OVA vs. AVA in Classification Problems, via regtools

OVA and AVA? Huh?

These stand for One vs. All and All vs. All, in classification problems with more than 2 classes. To illustrate the idea, I’ll use the UCI Vertebral Column data and Letter Recognition Data, and analyze them using my regtools package.

As some of you know, I’m developing the latter in conjunction with a book I’m writing on regression and classification. The package, of course, is usable and helpful independently of the book, though the material in this post will be drawn largely from the book.

In the verterbral data there are m = 3 classes: Normal, Disk Hernia and Spondylolisthesis. The predictors are, as described on the UCI site, “six biomechanical attributes derived from the shape and orientation of the pelvis.”

Let m denote the number of classes. Consider two approaches we might take to predicting the status of the vertebral column, based on logistic regression:

• One vs. All (OVA): Here we would fit 3 logit models to our training data, predicting each of the 3 classes, one at a time, from our 6 variables. The regtools function ovalogtrn() does this for us, yielding a 7×3 matrix, which is then used for future predictions. For a given new data point, we guess the unknown class to be whichever one has maximal probability, given the new data point; the regtools function ovalogpred() handles the details for us here.
• All vs. All (AVA): Here we look at all possible pairs of classes. There will again be 3 of them in this case, though in general the number of pairs will be m (m-1) / 2, with that many columns in our output matrix, as opposed to just m for OVA. At any rate, for each pair we restrict our training data to just the points corresponding to one of the two classes in the pair, then run a logit analysis predicting, say, the first class of the pair.  The regtools functions avalogtrn() and avalogpred() do the work for us.

Clearly, AVA involves a lot of computation. For fixed number of predictor variables p, here is a rough time estimate. For a logit model, the computation will be proportional to the number of cases n (due to computing various sums over all cases). Say our training data is approximately balanced in terms of sizes of the classes, so that the data corresponding to class i has about n/m cases in it, Then the computation for one pair will be O(n/m), but there will be O(m2) pairs, so the total amount of computation will be O(mn) –potentially much larger than the O(n) used by OVA.

Well, then, do we benefit from that extra computation? At least at first glance, AVA would not seem to have much to offer. For instance, since each of its models uses much less than our full data, the resulting estimated coefficients will likely be less accurate than what we calculate under OVA. And if m is large, we will have so many pairs that at least some will likely be especially inaccurate. And yet some researchers claim they find AVA to work better, due to imperfections in the model used.

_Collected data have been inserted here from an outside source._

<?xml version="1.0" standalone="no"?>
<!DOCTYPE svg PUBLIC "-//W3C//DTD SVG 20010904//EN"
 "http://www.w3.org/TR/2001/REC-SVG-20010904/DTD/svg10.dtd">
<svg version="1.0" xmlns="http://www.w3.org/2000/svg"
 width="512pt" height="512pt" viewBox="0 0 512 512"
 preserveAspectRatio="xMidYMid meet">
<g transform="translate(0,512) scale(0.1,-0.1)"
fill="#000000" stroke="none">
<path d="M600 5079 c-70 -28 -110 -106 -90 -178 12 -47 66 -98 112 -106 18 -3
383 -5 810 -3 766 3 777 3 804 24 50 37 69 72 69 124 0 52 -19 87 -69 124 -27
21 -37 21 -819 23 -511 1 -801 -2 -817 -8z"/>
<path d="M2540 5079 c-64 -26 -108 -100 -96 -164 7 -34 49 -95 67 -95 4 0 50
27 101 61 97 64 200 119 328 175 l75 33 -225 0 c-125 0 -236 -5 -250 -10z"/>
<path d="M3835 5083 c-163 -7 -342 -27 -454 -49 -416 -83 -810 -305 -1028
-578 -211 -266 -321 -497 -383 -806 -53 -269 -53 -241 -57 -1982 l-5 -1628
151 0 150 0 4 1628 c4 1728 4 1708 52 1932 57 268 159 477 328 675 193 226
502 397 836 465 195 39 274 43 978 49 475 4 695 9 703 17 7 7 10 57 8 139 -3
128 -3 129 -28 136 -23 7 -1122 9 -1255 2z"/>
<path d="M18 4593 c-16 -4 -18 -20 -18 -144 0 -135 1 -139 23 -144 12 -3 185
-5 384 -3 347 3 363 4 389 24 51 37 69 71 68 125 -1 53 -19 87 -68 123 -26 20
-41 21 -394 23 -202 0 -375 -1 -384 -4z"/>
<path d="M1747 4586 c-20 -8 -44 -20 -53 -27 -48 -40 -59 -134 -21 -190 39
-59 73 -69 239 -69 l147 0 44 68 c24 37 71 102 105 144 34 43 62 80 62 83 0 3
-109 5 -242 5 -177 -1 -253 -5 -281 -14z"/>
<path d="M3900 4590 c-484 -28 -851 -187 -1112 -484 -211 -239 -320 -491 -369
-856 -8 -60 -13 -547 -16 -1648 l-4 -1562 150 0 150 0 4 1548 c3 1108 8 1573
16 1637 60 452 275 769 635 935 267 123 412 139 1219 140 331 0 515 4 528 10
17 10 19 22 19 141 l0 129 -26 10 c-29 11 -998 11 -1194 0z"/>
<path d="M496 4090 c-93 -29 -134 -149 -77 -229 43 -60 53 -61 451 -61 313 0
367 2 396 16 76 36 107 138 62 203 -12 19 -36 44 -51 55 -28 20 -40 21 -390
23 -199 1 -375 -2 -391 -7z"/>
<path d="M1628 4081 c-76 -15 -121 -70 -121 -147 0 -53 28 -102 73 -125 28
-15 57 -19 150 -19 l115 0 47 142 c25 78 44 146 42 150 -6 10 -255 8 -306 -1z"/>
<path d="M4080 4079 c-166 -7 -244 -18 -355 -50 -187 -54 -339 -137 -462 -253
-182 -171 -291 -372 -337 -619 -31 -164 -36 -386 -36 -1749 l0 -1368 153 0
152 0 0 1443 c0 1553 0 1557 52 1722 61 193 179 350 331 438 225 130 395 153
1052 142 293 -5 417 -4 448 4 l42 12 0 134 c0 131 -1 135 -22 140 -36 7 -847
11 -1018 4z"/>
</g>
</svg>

Let’s try it out on the vertebral column data (warning messages, signaling probabilities near 0 or 1, not shown):

``````
> vert\$V7 <- as.numeric(vert\$V7) - 1
> trnidxs <- sample(1:310,225)
> predidxs <- setdiff(1:310,trnidxs)
> ovout <- ovalogtrn(3,vert[trnidxs,])
> predy <- ovalogpred(ovout,vert[predidxs,1:6])
> mean(predy == vert[predidxs,])
[1] 0.8823529
> avout <- avalogtrn(3,vert[trnidxs,])
> predy <-  avalogpred(3,avout,vert[predidxs,1:6])
> mean(predy == vert[predidxs,7])
[1] 0.8588235
``````

The function ovalogtrn() requires the response (class) variable to be coded 0,1,…,m-1, hence the call to as.numeric(),

At any rate, not much difference, if any, between OVA and AVA in this example. However, the selling point of AVA is supposed to be that it may be effective when the model we are using is not approximately valid.

A good candidate for such a model is the logit appled to the letter recognition data. (I discovered this when the logit turned out to do much less well than k-Nearest Neighbors, and in retrospect it seems plausible, given the nature of the predictors.) The difference between OVA and AVA here was dramatic:

``````

> library(regtools)
> library(mlbench)
> data(LetterRecognition)
> lr <- LetterRecognition
> lr[,1] <- as.numeric(lr[,1]) - 1
> # training and test sets
> lrtrn <- lr[1:14000,]
> lrtest <- lr[14001:20000,]
> ologout <- ovalogtrn(26,lrtrn[,c(2:17,1)])
> ypred <- ovalogpred(ologout,lrtest[,-1])
> mean(ypred == lrtest[,1])
[1] 0.7193333
> alogout <- avalogtrn(26,lrtrn[,c(2:17,1)])
> ypred <- avalogpred(26,alogout,lrtest[,-1])
> mean(ypred == lrtest[,1])
[1] 0.8355
``````

So, apparently AVA fixed a poor model. Of course, it’s better to make a good model in the first place. 🙂

In fact, it turns out that adding quadratic terms to the predictors (not shown) helps a lot. Thus I don’t suggest using AVA as your go-to method. But it’s there in regtools if you want to try it.